Project

General

Profile

Bug #11585

No check if SSL certificate and private key match

Added by Florian Beier almost 5 years ago. Updated almost 3 years ago.

Status:
Closed: Duplicate
Priority:
Important
Assignee:
Nikola Gigic
Category:
OS
Target version:
Seen in:
Severity:
New
Reason for Closing:
Reason for Blocked:
Needs QA:
Yes
Needs Doc:
Yes
Needs Merging:
Yes
Needs Automation:
No
Support Suite Ticket:
n/a
Hardware Configuration:
ChangeLog Required:
No

Description

When I try to use WebDAV with HTTPS selected as protocol apache24 simply fails to start for no obvious reason.

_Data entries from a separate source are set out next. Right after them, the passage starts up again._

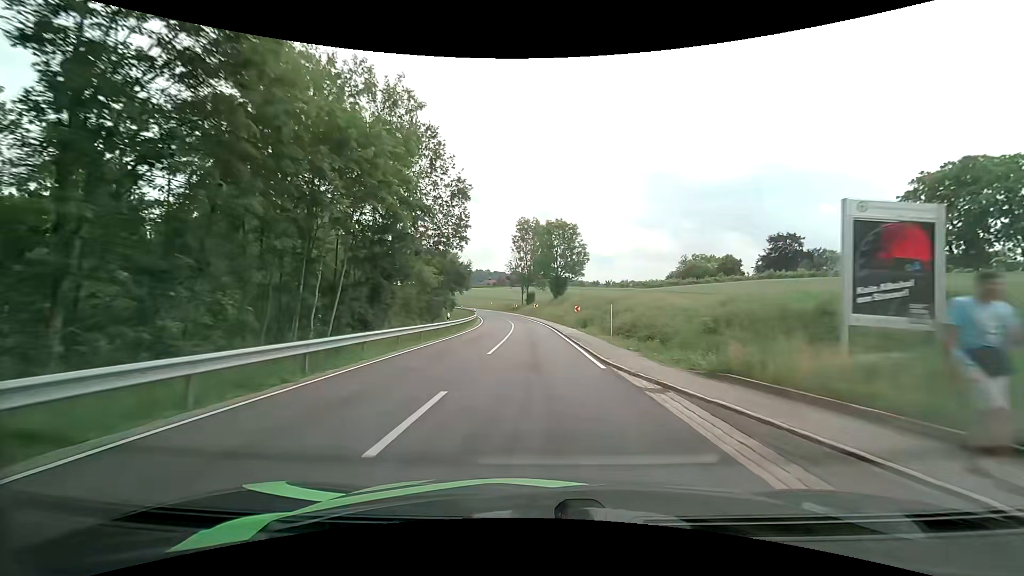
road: tertiary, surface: asphalt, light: Day
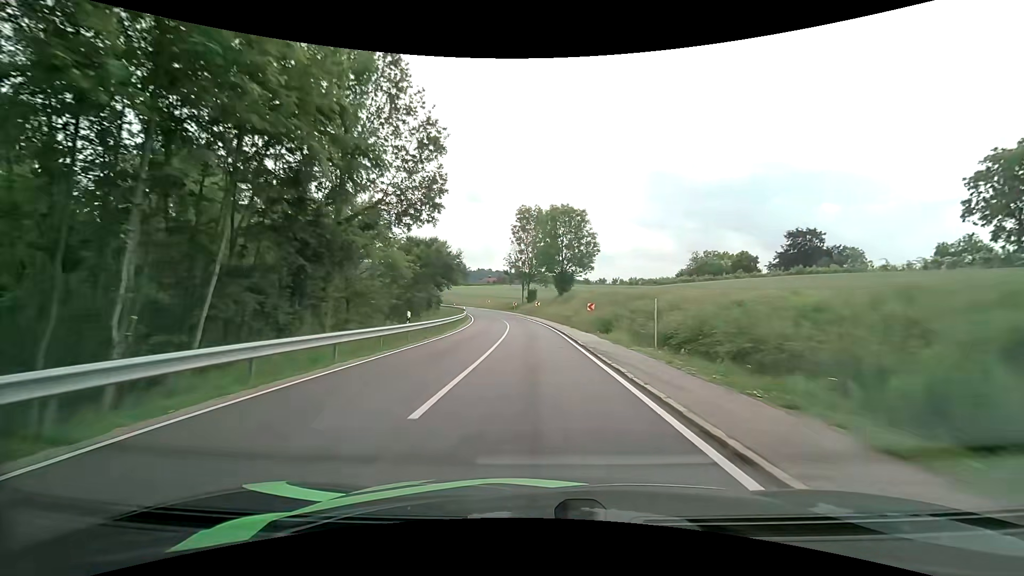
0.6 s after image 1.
(-0.1, +10.4) m; -1°
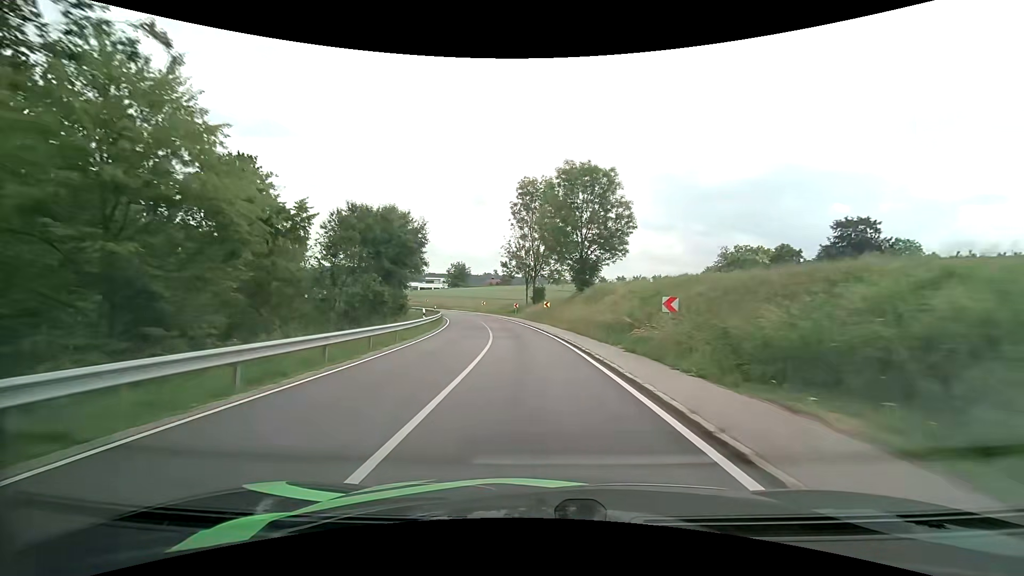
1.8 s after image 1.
(-0.1, +20.6) m; -1°
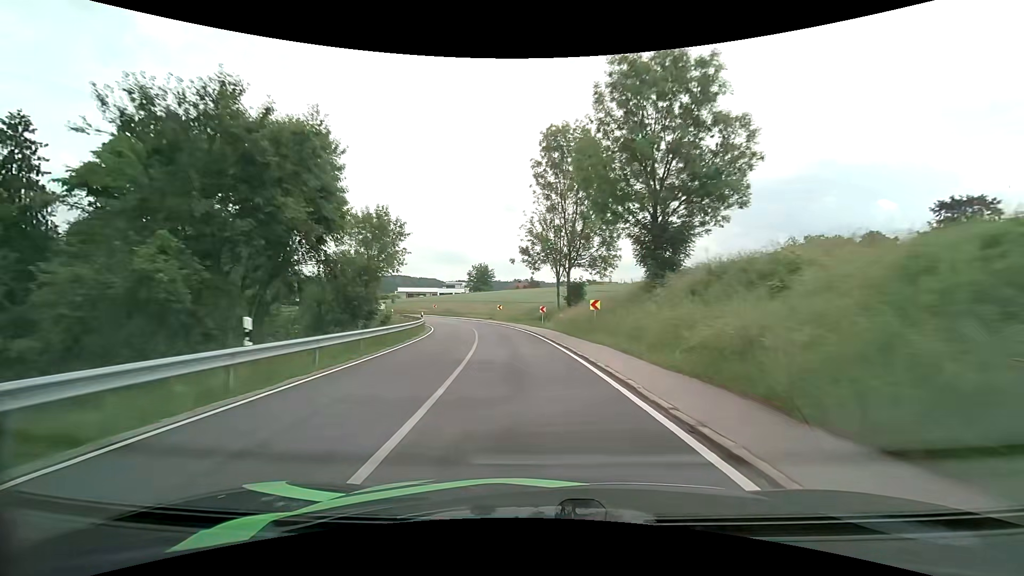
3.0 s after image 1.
(-0.3, +20.4) m; -3°
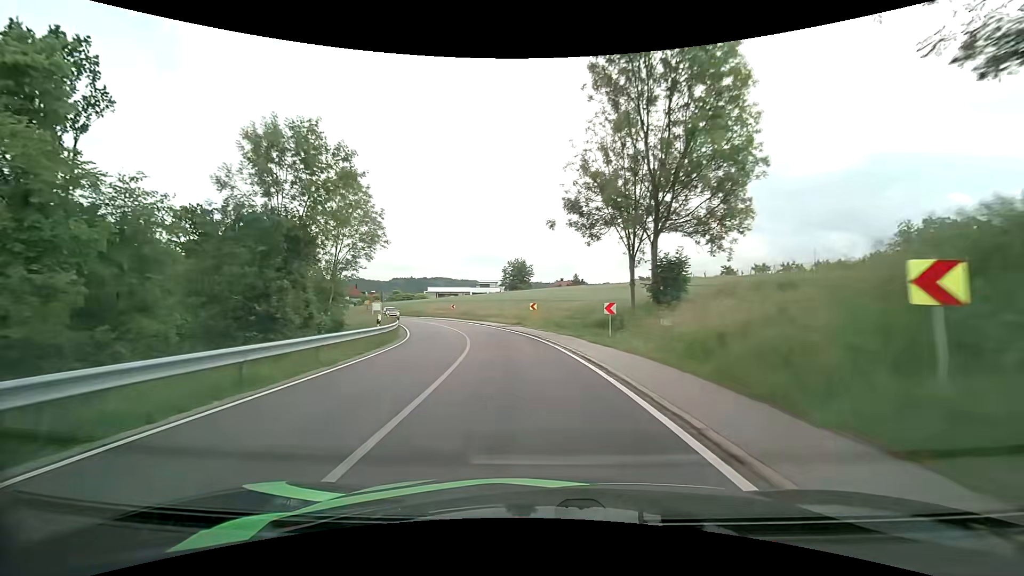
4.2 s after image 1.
(-0.7, +20.1) m; -5°
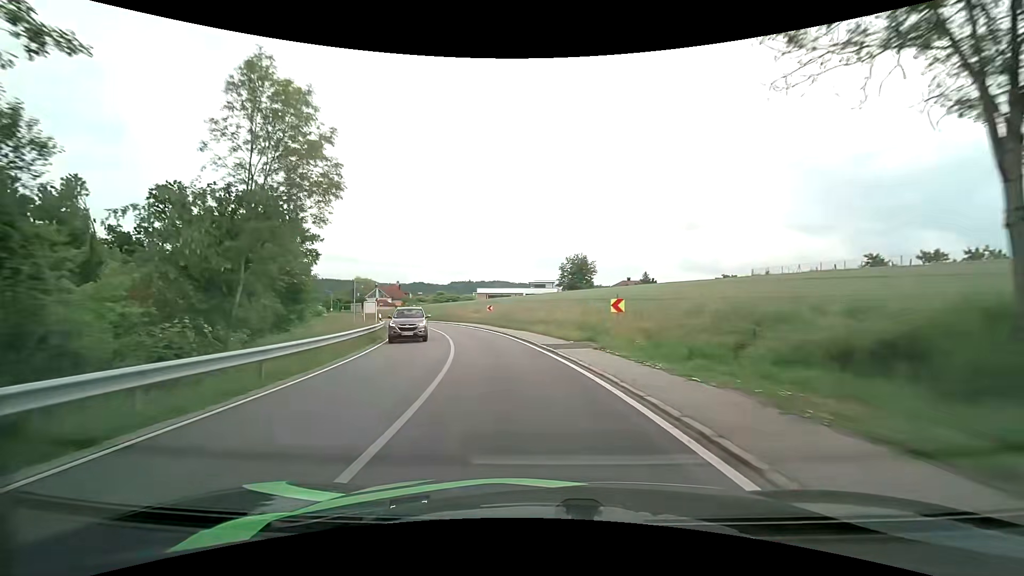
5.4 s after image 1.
(-0.9, +19.0) m; -6°
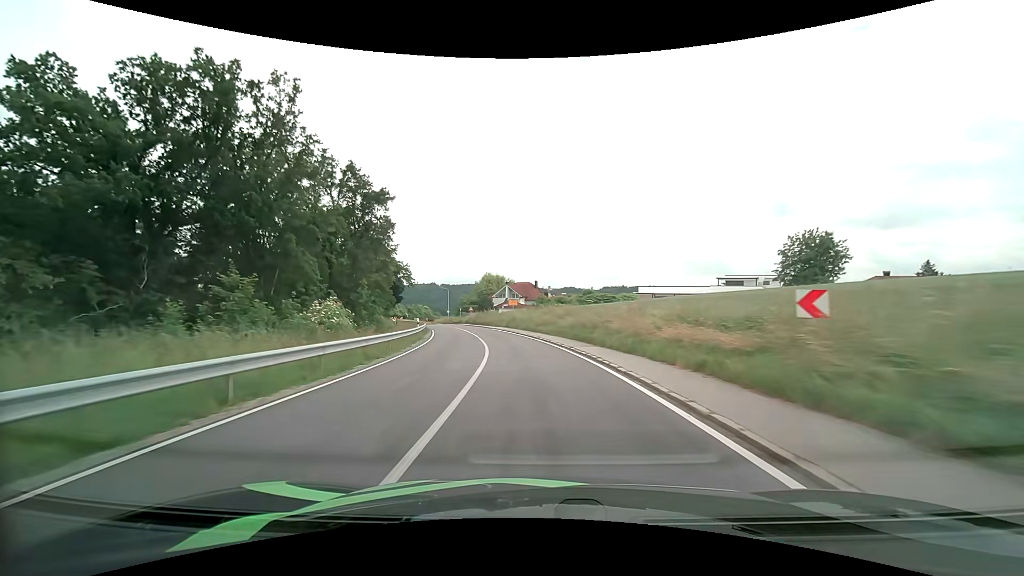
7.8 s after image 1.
(-6.3, +38.1) m; -17°
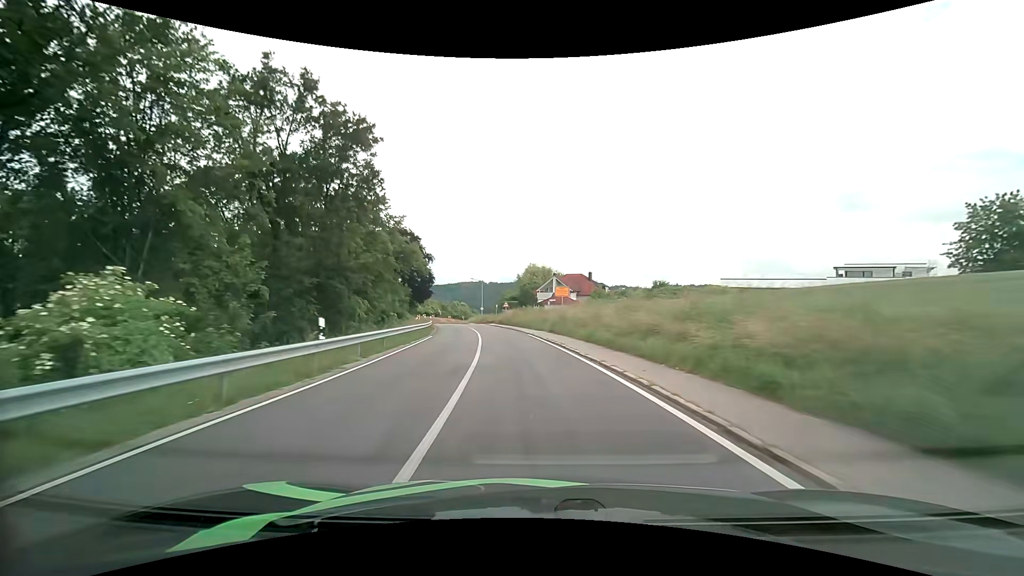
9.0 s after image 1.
(-1.0, +20.6) m; -5°
(0, +10) (-1, +20) (-2, +30) (-4, +40) (-5, +50) (-7, +59) (-10, +69) (-12, +79) (-15, +88) (-17, +98) m

Sep 19 18:25:08 freenas notifier: Performing sanity check on apache24 configuration:
Sep 19 18:25:08 freenas notifier: Syntax OK
Sep 19 18:25:08 freenas notifier: Starting apache24.
Sep 19 18:25:09 freenas root: /usr/local/etc/rc.d/apache24: WARNING: failed to start apache24
Sep 19 18:25:09 freenas notifier: /usr/local/etc/rc.d/apache24: WARNING: failed to start apache24

When I select HTTP+HTTPS apache24 starts but the connection to the HTTPS port is refused.


Related issues

Has duplicate FreeNAS - Bug #24212: Allow import of encrypted CA keyResolved2017-05-28

History

#1 Updated by Florian Beier almost 5 years ago

I forgot to mention that it did work before once when I first added an SSL Certificate and chose that one to be used by WebDAV. After that I deleted the old certificate and imported a new one but now it doesn't work anymore. I thought that it might have been because I used the same name for the new certificate but that isn't the case. I deleted the certificate and chose a different name for it but apache24 still fails to start.

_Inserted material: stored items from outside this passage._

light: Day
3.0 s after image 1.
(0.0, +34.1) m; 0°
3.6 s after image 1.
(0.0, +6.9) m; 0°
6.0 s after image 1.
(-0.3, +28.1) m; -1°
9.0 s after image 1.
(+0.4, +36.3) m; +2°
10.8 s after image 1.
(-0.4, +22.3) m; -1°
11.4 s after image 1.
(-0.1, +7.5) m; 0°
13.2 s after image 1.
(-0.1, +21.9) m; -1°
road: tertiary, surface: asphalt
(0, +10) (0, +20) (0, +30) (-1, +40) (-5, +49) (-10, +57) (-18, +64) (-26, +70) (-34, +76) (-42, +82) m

#2 Updated by Florian Beier almost 5 years ago

  • Seen in changed from 9.3.1-STABLE-201509160044 to 9.3.1-STABLE-201509220011

Still the same in FreeNAS-9.3-STABLE-201509220011.

#3 Updated by Florian Beier almost 5 years ago

  • Subject changed from WebDAV SSL not working to No check if SSL certificate and private key match
  • Category changed from 131 to 81
  • Assignee deleted (Suraj Ravichandran)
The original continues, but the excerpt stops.